We report solvothermal synthesis of uniform spheroidal nanoassemblies of magnetite (Fe₃O₄) in ethylene glycol medium by using polyethoxylated surfactants viz. Tween 80 and Tween 20, having oleyl (18 carbon) and lauryl (12 carbon) hydrophobic tails, respectively as structure directing agents. Uniform nanoassemblies could be obtained only in a narrow range of water content in the reaction medium (between 20 and 50 ppt). Outside this window, heterogeneous assemblies were obtained. Within the optimized water content regime, varying the water content allowed easy modulation of assembly dimensions between 80 and 200 nm.

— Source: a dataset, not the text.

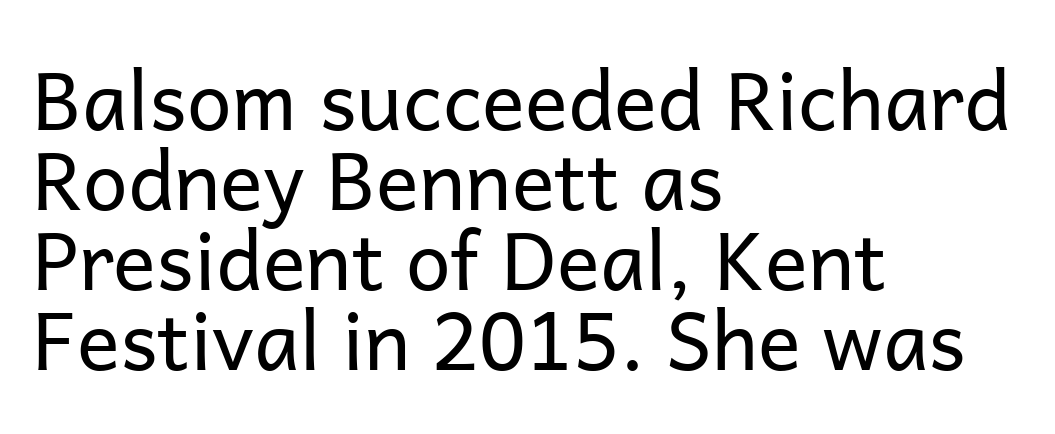
Think of a printed novel: that variable character pitch is what you see here. Underline: absent. Each stroke keeps to a modest, everyday thickness or less. The text block is weighted toward the left margin, trailing off unevenly rightward. No feet cap the strokes, marking this as sans-serif type. You can tell it's not italic because the verticals are truly vertical.
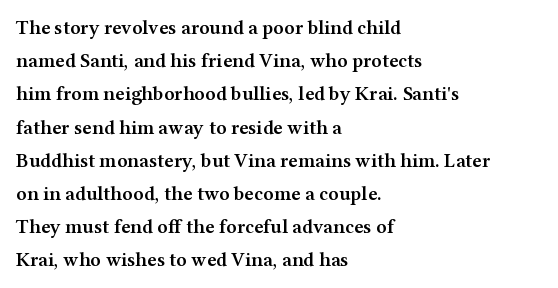
Vertical spacing — default. Characters remain perfectly vertical along every line. I'd describe the lettering as semibold — firm but not a full bold. Underlining? Definitely not there. Reading down the block, your eye returns to a fixed left position each line.
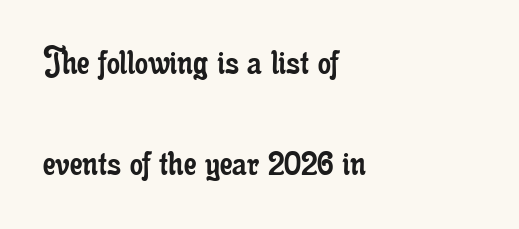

Under similar synthetic conditions, Tween 80 yielded smaller nanoassemblies having larger crystalline domain sizes when compared to Tween 20. Dynamic light scattering (DLS) confirmed the dimensional uniformity and stability of these assemblies in ethanol dispersions. High resolution scanning electron microscopy (HRSEM) showed the presence of smaller nanoparticles within each assembly while transmission electron microscopy (TEM) revealed the densely packed internal architecture of these assemblies. Powder X-ray diffraction (PXRD) confirmed that the nanoassemblies were exclusively composed of the magnetite phase. The size of crystalline domains present within the nanoassemblies (as determined by the Scherrer equation) could be varied from ∼10 to 25 nm based on synthetic conditions employed. Formation of small nanoparticles precludes the assembly formation that requires ≥8 h to mature. Magnetic measurements revealed very high saturation magnetization values even at room temperature, as well as hysteresis behavior for all the nanoassemblies. Electrochemical measurements showed that Tween 20 derived samples had the highest specific capacitance of 75 F g⁻¹ and their performance was also more stable in cyclic tests compared to Tween 80 derived materials. This is attributed to the greater physical stability of Tween 20 derived nanoassemblies over Tween 80 derived assemblies, as indicated by SEM studies.